Recorded data
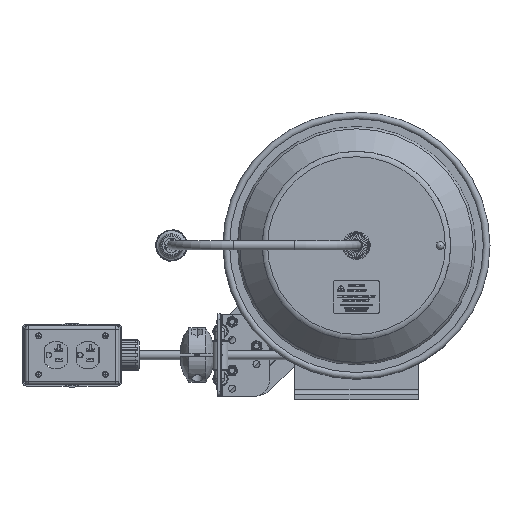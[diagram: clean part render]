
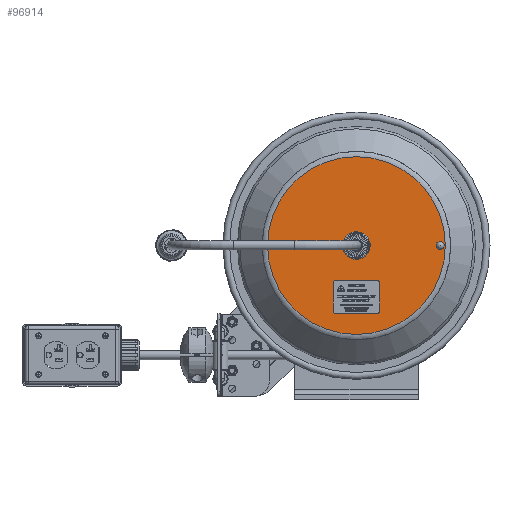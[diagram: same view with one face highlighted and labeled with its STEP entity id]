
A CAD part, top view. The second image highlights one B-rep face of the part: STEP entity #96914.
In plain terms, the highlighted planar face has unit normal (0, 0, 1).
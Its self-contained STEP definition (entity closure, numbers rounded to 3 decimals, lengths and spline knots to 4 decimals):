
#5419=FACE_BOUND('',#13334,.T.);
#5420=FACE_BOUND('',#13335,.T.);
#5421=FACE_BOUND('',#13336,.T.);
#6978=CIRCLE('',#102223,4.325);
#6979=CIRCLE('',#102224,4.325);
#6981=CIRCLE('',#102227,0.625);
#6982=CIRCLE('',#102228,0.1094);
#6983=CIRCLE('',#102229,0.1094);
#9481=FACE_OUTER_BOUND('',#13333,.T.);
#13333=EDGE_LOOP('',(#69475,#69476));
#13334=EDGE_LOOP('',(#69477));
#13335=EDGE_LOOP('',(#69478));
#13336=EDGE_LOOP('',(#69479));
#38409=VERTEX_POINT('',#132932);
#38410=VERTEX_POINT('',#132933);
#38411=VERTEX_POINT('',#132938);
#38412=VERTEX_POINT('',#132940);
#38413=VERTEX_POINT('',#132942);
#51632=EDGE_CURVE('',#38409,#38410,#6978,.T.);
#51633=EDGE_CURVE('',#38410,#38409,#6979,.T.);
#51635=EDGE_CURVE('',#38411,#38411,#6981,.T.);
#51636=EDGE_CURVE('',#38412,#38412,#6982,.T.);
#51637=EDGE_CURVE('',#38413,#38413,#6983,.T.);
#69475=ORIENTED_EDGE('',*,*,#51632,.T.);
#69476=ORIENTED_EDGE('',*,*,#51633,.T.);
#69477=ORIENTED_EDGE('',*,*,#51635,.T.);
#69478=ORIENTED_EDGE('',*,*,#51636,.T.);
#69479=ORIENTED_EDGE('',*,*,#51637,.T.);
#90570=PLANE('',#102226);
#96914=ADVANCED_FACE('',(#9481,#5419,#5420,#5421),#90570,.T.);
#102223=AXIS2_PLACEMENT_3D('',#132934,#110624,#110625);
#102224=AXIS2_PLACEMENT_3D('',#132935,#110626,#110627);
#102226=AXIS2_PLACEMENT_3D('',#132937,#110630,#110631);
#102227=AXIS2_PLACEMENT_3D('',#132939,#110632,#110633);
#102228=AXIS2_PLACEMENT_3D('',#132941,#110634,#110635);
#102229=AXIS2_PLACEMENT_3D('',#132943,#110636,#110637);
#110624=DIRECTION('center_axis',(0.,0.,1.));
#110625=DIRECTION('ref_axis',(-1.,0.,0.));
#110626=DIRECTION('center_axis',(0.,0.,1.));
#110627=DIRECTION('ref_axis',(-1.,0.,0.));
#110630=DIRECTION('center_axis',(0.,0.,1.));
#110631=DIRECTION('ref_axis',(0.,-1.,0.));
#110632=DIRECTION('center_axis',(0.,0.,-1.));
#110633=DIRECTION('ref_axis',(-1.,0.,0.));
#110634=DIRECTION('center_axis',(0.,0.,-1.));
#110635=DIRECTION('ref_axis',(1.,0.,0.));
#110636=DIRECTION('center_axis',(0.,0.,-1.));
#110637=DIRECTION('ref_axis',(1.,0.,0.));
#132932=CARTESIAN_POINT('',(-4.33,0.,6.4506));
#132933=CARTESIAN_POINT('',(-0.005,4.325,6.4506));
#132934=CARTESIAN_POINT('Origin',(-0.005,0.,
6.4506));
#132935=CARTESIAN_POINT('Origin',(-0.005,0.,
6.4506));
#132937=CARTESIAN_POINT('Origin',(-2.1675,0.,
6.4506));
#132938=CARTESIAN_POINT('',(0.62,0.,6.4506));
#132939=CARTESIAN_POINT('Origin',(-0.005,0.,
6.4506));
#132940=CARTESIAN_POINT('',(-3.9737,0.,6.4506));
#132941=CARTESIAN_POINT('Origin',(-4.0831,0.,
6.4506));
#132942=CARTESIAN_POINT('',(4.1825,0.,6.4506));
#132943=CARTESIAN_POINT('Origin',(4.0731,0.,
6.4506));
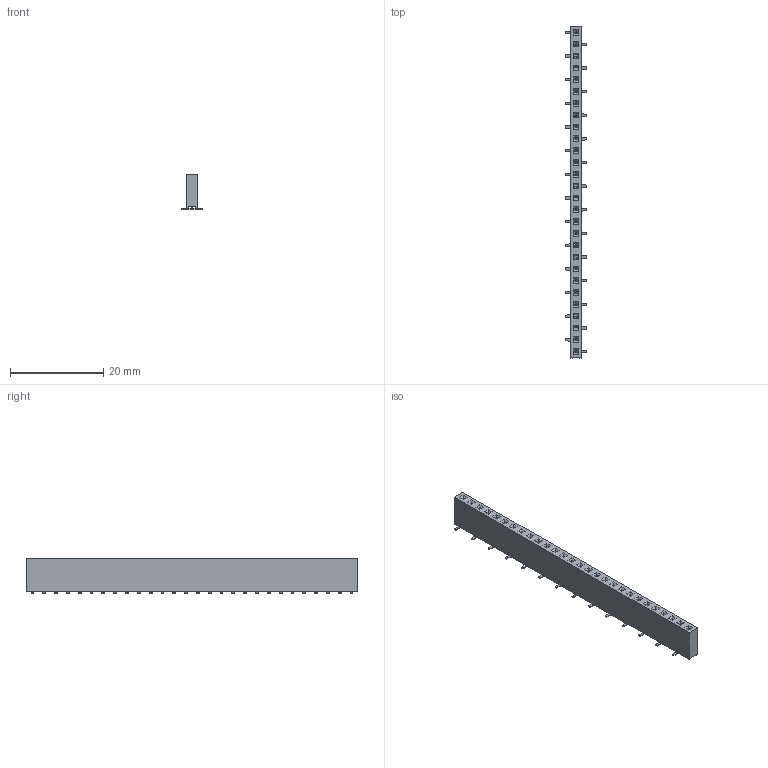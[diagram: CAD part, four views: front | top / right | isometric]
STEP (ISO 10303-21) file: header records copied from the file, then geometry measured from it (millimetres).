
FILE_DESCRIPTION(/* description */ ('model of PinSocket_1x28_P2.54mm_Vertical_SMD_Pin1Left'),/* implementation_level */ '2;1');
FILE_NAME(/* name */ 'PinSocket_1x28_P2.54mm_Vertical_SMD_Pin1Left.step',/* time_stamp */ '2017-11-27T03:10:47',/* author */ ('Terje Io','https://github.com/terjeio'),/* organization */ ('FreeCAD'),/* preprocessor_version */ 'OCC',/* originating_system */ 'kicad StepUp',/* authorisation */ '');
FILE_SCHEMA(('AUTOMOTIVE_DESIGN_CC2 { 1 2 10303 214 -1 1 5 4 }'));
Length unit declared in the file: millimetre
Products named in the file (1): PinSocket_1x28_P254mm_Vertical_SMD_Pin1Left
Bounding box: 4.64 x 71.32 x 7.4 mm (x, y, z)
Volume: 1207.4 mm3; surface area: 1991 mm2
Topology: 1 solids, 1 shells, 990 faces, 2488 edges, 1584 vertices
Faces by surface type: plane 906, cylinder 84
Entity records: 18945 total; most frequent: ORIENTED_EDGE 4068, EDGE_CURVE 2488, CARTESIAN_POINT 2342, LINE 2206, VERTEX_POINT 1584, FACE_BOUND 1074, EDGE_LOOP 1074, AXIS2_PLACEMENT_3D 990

▶ _Work instructions_: Every line above is to be written out unchanged, with the pictures omitted.

▶ _Problem solution_:
[diagram: clean part render]
[diagram: same view with one face highlighted and labeled with its STEP entity id]
A CAD part, top view. The second image highlights one B-rep face of the part: STEP entity #96914.
In plain terms, the highlighted planar face has unit normal (0, 0, 1).
Its self-contained STEP definition (entity closure, numbers rounded to 3 decimals, lengths and spline knots to 4 decimals):
#5419=FACE_BOUND('',#13334,.T.);
#5420=FACE_BOUND('',#13335,.T.);
#5421=FACE_BOUND('',#13336,.T.);
#6978=CIRCLE('',#102223,4.325);
#6979=CIRCLE('',#102224,4.325);
#6981=CIRCLE('',#102227,0.625);
#6982=CIRCLE('',#102228,0.1094);
#6983=CIRCLE('',#102229,0.1094);
#9481=FACE_OUTER_BOUND('',#13333,.T.);
#13333=EDGE_LOOP('',(#69475,#69476));
#13334=EDGE_LOOP('',(#69477));
#13335=EDGE_LOOP('',(#69478));
#13336=EDGE_LOOP('',(#69479));
#38409=VERTEX_POINT('',#132932);
#38410=VERTEX_POINT('',#132933);
#38411=VERTEX_POINT('',#132938);
#38412=VERTEX_POINT('',#132940);
#38413=VERTEX_POINT('',#132942);
#51632=EDGE_CURVE('',#38409,#38410,#6978,.T.);
#51633=EDGE_CURVE('',#38410,#38409,#6979,.T.);
#51635=EDGE_CURVE('',#38411,#38411,#6981,.T.);
#51636=EDGE_CURVE('',#38412,#38412,#6982,.T.);
#51637=EDGE_CURVE('',#38413,#38413,#6983,.T.);
#69475=ORIENTED_EDGE('',*,*,#51632,.T.);
#69476=ORIENTED_EDGE('',*,*,#51633,.T.);
#69477=ORIENTED_EDGE('',*,*,#51635,.T.);
#69478=ORIENTED_EDGE('',*,*,#51636,.T.);
#69479=ORIENTED_EDGE('',*,*,#51637,.T.);
#90570=PLANE('',#102226);
#96914=ADVANCED_FACE('',(#9481,#5419,#5420,#5421),#90570,.T.);
#102223=AXIS2_PLACEMENT_3D('',#132934,#110624,#110625);
#102224=AXIS2_PLACEMENT_3D('',#132935,#110626,#110627);
#102226=AXIS2_PLACEMENT_3D('',#132937,#110630,#110631);
#102227=AXIS2_PLACEMENT_3D('',#132939,#110632,#110633);
#102228=AXIS2_PLACEMENT_3D('',#132941,#110634,#110635);
#102229=AXIS2_PLACEMENT_3D('',#132943,#110636,#110637);
#110624=DIRECTION('center_axis',(0.,0.,1.));
#110625=DIRECTION('ref_axis',(-1.,0.,0.));
#110626=DIRECTION('center_axis',(0.,0.,1.));
#110627=DIRECTION('ref_axis',(-1.,0.,0.));
#110630=DIRECTION('center_axis',(0.,0.,1.));
#110631=DIRECTION('ref_axis',(0.,-1.,0.));
#110632=DIRECTION('center_axis',(0.,0.,-1.));
#110633=DIRECTION('ref_axis',(-1.,0.,0.));
#110634=DIRECTION('center_axis',(0.,0.,-1.));
#110635=DIRECTION('ref_axis',(1.,0.,0.));
#110636=DIRECTION('center_axis',(0.,0.,-1.));
#110637=DIRECTION('ref_axis',(1.,0.,0.));
#132932=CARTESIAN_POINT('',(-4.33,0.,6.4506));
#132933=CARTESIAN_POINT('',(-0.005,4.325,6.4506));
#132934=CARTESIAN_POINT('Origin',(-0.005,0.,
6.4506));
#132935=CARTESIAN_POINT('Origin',(-0.005,0.,
6.4506));
#132937=CARTESIAN_POINT('Origin',(-2.1675,0.,
6.4506));
#132938=CARTESIAN_POINT('',(0.62,0.,6.4506));
#132939=CARTESIAN_POINT('Origin',(-0.005,0.,
6.4506));
#132940=CARTESIAN_POINT('',(-3.9737,0.,6.4506));
#132941=CARTESIAN_POINT('Origin',(-4.0831,0.,
6.4506));
#132942=CARTESIAN_POINT('',(4.1825,0.,6.4506));
#132943=CARTESIAN_POINT('Origin',(4.0731,0.,
6.4506));
[diagram: CAD part, four views: front | top / right | isometric]
STEP (ISO 10303-21) file: header records copied from the file, then geometry measured from it (millimetres).
FILE_DESCRIPTION(/* description */ ('model of PinSocket_1x28_P2.54mm_Vertical_SMD_Pin1Left'),/* implementation_level */ '2;1');
FILE_NAME(/* name */ 'PinSocket_1x28_P2.54mm_Vertical_SMD_Pin1Left.step',/* time_stamp */ '2017-11-27T03:10:47',/* author */ ('Terje Io','https://github.com/terjeio'),/* organization */ ('FreeCAD'),/* preprocessor_version */ 'OCC',/* originating_system */ 'kicad StepUp',/* authorisation */ '');
FILE_SCHEMA(('AUTOMOTIVE_DESIGN_CC2 { 1 2 10303 214 -1 1 5 4 }'));
Length unit declared in the file: millimetre
Products named in the file (1): PinSocket_1x28_P254mm_Vertical_SMD_Pin1Left
Bounding box: 4.64 x 71.32 x 7.4 mm (x, y, z)
Volume: 1207.4 mm3; surface area: 1991 mm2
Topology: 1 solids, 1 shells, 990 faces, 2488 edges, 1584 vertices
Faces by surface type: plane 906, cylinder 84
Entity records: 18945 total; most frequent: ORIENTED_EDGE 4068, EDGE_CURVE 2488, CARTESIAN_POINT 2342, LINE 2206, VERTEX_POINT 1584, FACE_BOUND 1074, EDGE_LOOP 1074, AXIS2_PLACEMENT_3D 990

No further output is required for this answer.